Re: git: 3cf97e91fac5 - main - Revert "newbus: Change attach failure behavior"

From: Warner Losh <imp_at_bsdimp.com>
Date: Tue, 06 Dec 2022 16:09:36 UTC
On Tue, Dec 6, 2022 at 3:57 AM Hans Petter Selasky <hps@selasky.org> wrote:

> On 12/6/22 03:09, Warner Losh wrote:
> > The branch main has been updated by imp:
> >
> > URL:
> https://cgit.FreeBSD.org/src/commit/?id=3cf97e91fac5f53fc0375bc816cc541a8864ffc4
> >
> > commit 3cf97e91fac5f53fc0375bc816cc541a8864ffc4
> > Author:     Warner Losh <imp@FreeBSD.org>
> > AuthorDate: 2022-12-05 23:57:58 +0000
> > Commit:     Warner Losh <imp@FreeBSD.org>
> > CommitDate: 2022-12-06 00:00:26 +0000
> >
> >      Revert "newbus: Change attach failure behavior"
> >
> >      This reverts commit 68c3f0302106643207dcdfe3b414810e245228e5. There
> are
> >      some weird crashes when KVMs switch caused by this, so revert this
> >      commit until they are sorted out.
> >
> >      Reported by:            cy@
> >      Sponsored by:           Netflix
> > ---
> >   UPDATING            | 2 ++
> >   sys/kern/subr_bus.c | 2 +-
> >   2 files changed, 3 insertions(+), 1 deletion(-)
> >
> > diff --git a/UPDATING b/UPDATING
> > index 099066031b8e..001ec9f6de3a 100644
> > --- a/UPDATING
> > +++ b/UPDATING
> > @@ -43,6 +43,8 @@ NOTE TO PEOPLE WHO THINK THAT FreeBSD 14.x IS SLOW:
> >       needs to use devctl to re-enable the device, and reprobe it (or set
> >       the sysctl/tunable hw.bus.disable_failed_devices=false).
> >
> > +     NOTE: This was reverted 20221205 due to unexpected compatibility
> issues
> > +
> >   20221122:
> >       pf no longer accepts 'scrub fragment crop' or 'scrub fragment
> drop-ovl'.
> >       These configurations are no longer automatically reinterpreted as
> > diff --git a/sys/kern/subr_bus.c b/sys/kern/subr_bus.c
> > index 6a5ec4efc38d..b9615b033007 100644
> > --- a/sys/kern/subr_bus.c
> > +++ b/sys/kern/subr_bus.c
> > @@ -69,7 +69,7 @@ SYSCTL_NODE(_hw, OID_AUTO, bus, CTLFLAG_RW |
> CTLFLAG_MPSAFE, NULL,
> >   SYSCTL_ROOT_NODE(OID_AUTO, dev, CTLFLAG_RW | CTLFLAG_MPSAFE, NULL,
> >       NULL);
> >
> > -static bool disable_failed_devs = true;
> > +static bool disable_failed_devs = false;
> >   SYSCTL_BOOL(_hw_bus, OID_AUTO, disable_failed_devices, CTLFLAG_RWTUN,
> &disable_failed_devs,
> >       0, "Do not retry attaching devices that return an error from
> DEVICE_ATTACH the first time");
> >
>
> Thinking about it, this flag shouldn't be set for USB devices and HUBS
> and such.

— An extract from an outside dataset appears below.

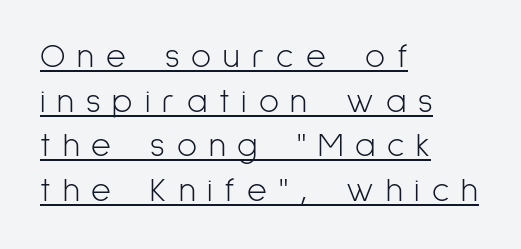
{"serif": "no", "italic": "no", "bold": "no", "weight": "light", "width": "condensed", "stroke_contrast": "low", "x_height": "medium", "monospaced": "no", "underline": "yes", "align": "left", "line_spacing": "normal", "line_spacing_ratio": 1.31, "letter_spacing": "wide", "letter_spacing_em": 0.35, "glyph_px": 34}
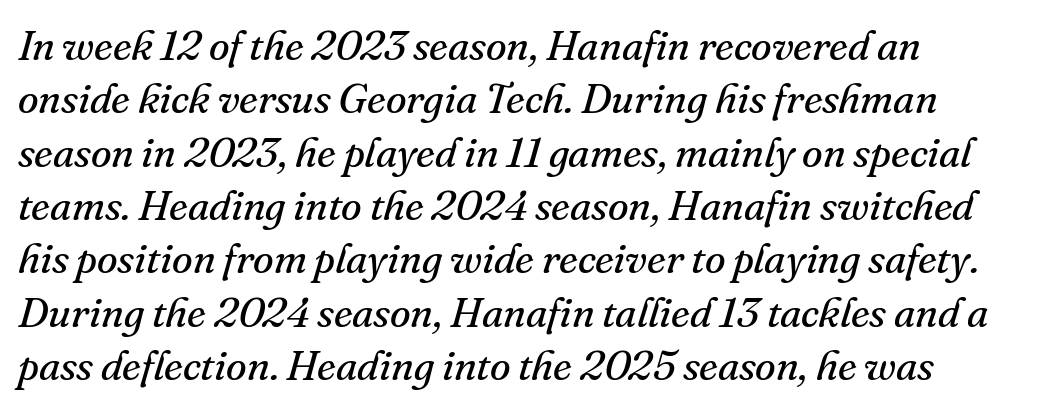
The image shows 42 px regular-weight serif type, italic (leaning right); set left-aligned, normal line spacing (1.27x), normal letter spacing, not underlined; medium stroke contrast and a small x-height.

Probably only makes sense for PCI devices, though there is
> something called thunderbolt too, which may fail during probe/attach,
> because the user yanked the device.
>

I think it makes perfect sense for all devices everywhere. When a device
goes
away like you say, it's device_t will be gone soonish and this flag will
clear if
it is reinserted in the future. The bus will get a signal for that yanking
and will
remove the device_t (now maybe we have a bug in device deletion when that
happens, which is what I suspected when I saw this and a couple other
tracebacks).


> Regarding the assert in the USB stack, maybe the state was not correctly
> set on the device_t ?
>

It's unclear to me. Newbus doesn't guarantee certain states to the bus
drivers, so
maybe the assert in the USB stack is incorrectly strict on what states
it assumes the device is in? I'm unsure. I haven't looked deeply enough to
know
what exactly is going on. Since there were problems and I didn't have time
to do
the proper deep dive, I just reverted for now and will revisit when I have
the time.

Warner